FireGenerator: Generate random sequence of fire events#

class FireGenerator(*args, **kwds)[source]#

Bases: Component

Generate a random fire event or time series.

Parameters:
  • mean_fire_recurrence (float) – Average time between fires for a given location

  • shape_parameter (float) – Describes the skew of the Weibull distribution. If shape < 3.5, data skews left. If shape == 3.5, data is normal. If shape > 3.5, data skews right. To approximate a normal bell curve, use a value of 3.5

  • scale_parameter (float, optional) – Describes the peak of the Weibull distribution, located at the 63.5% value of the cumulative distribution function. If unknown, it can be found using mean fire recurrence value and the get_scale_parameter() method described later.

Generate a random fire event in time.

Parameters:
  • grid (landlab model grid) –

  • mean_fire_recurrence (float) – Average time between fires for a given location

  • shape_parameter (float) – Describes the skew of the Weibull distribution. If shape < 3.5, data skews left. If shape == 3.5, data is normal. If shape > 3.5, data skews right.

  • scale_parameter (float, optional) – Describes the peak of the Weibull distribution, located at the 63.5% value of the cumulative distribution function. If unknown, it can be found using mean fire recurrence value and the get_scale_parameter().

__init__(grid, mean_fire_recurrence=1.0, shape_parameter=3.5, scale_parameter=None)[source]#

Generate a random fire event in time.

Parameters:
  • grid (landlab model grid) –

  • mean_fire_recurrence (float) – Average time between fires for a given location

  • shape_parameter (float) – Describes the skew of the Weibull distribution. If shape < 3.5, data skews left. If shape == 3.5, data is normal. If shape > 3.5, data skews right.

  • scale_parameter (float, optional) – Describes the peak of the Weibull distribution, located at the 63.5% value of the cumulative distribution function. If unknown, it can be found using mean fire recurrence value and the get_scale_parameter().

generate_fire_recurrence()[source]#

Get time to next fire.

Finds the time to next fire (fire recurrence) based on the scale parameter (63.5% of fire Weibull distribution) and the shape parameter (describes the skew of the histogram, shape = 3.5 represents a normal distribution).

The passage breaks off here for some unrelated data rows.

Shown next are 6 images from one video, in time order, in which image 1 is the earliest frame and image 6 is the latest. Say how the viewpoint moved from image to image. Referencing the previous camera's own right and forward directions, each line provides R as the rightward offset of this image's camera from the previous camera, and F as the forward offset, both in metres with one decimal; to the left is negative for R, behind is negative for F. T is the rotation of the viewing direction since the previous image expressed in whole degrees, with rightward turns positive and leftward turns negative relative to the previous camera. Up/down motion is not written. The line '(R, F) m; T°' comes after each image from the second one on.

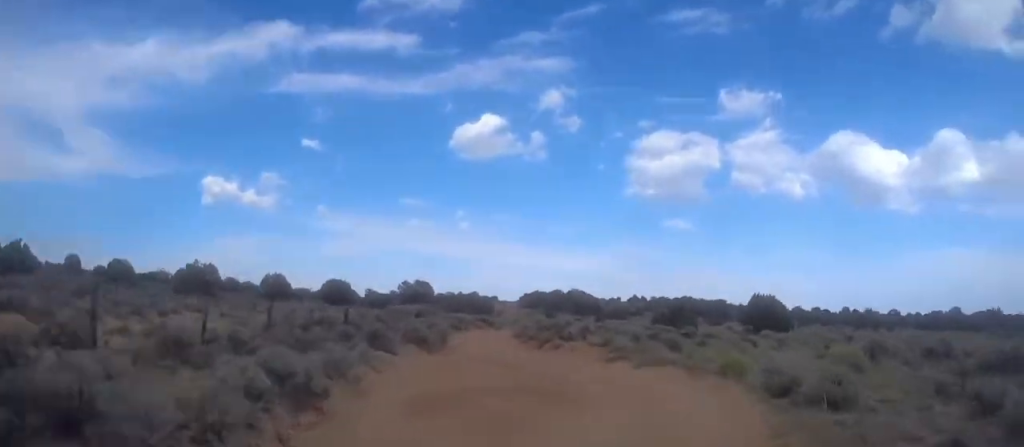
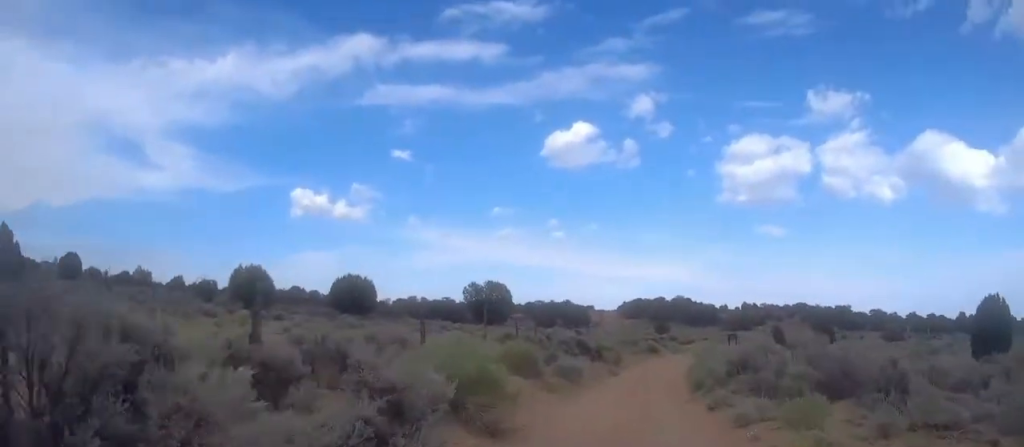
(-1.5, +45.7) m; +1°
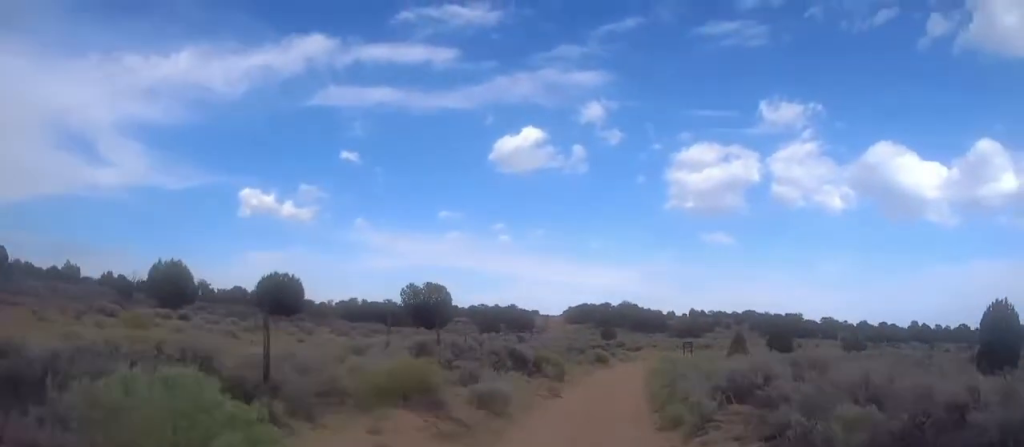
(+0.2, +5.9) m; +2°
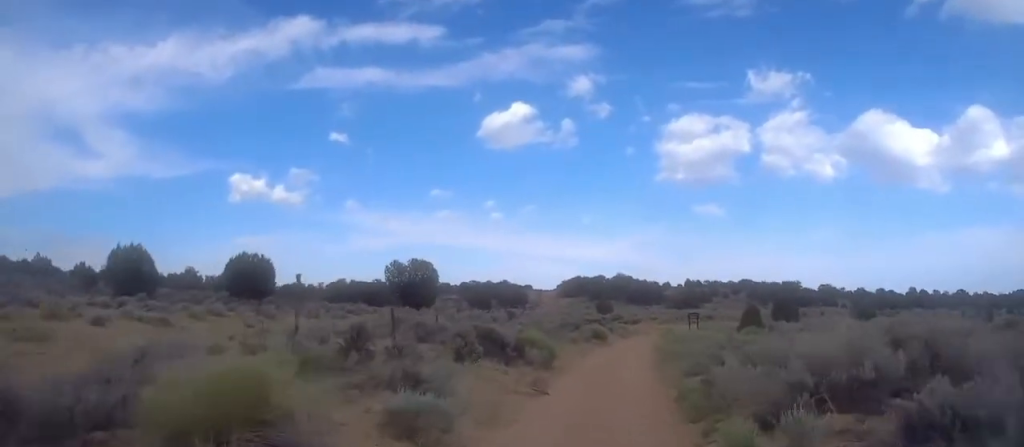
(-0.1, +5.7) m; 0°
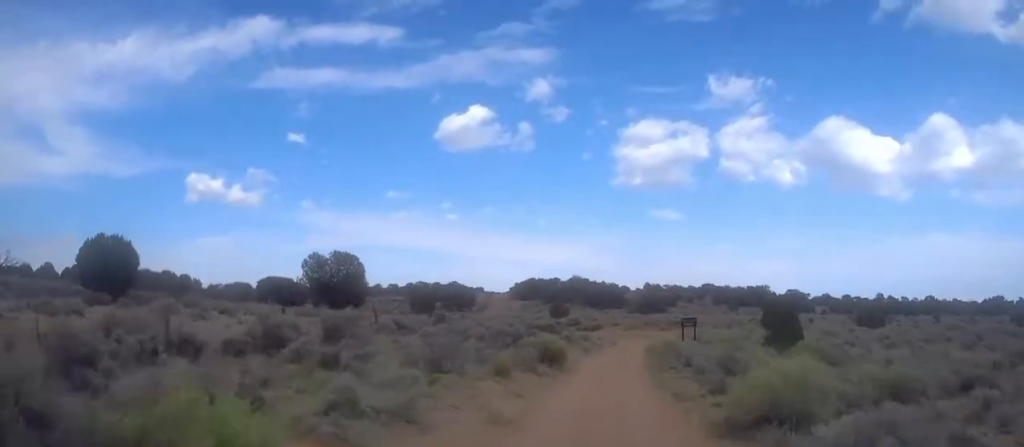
(+0.1, +16.1) m; -1°
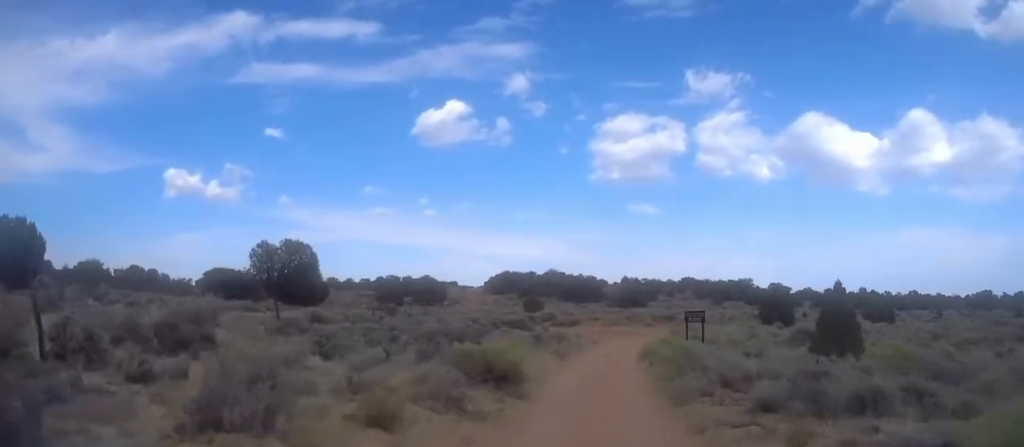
(-0.3, +8.9) m; 0°

Rounds the time to next fire to 4 significant figures, for neatness.

Returns:

Updated value for the time to next fire.

Return type:

float

get_scale_parameter()[source]#

Get the scale parameter.

::
mean_fire_recurrence = (scale_parameter * (

special.gamma(1 + (1 / shape))))

sets the scale parameter.

property scale_parameter#

Scale parameter for the random distribution.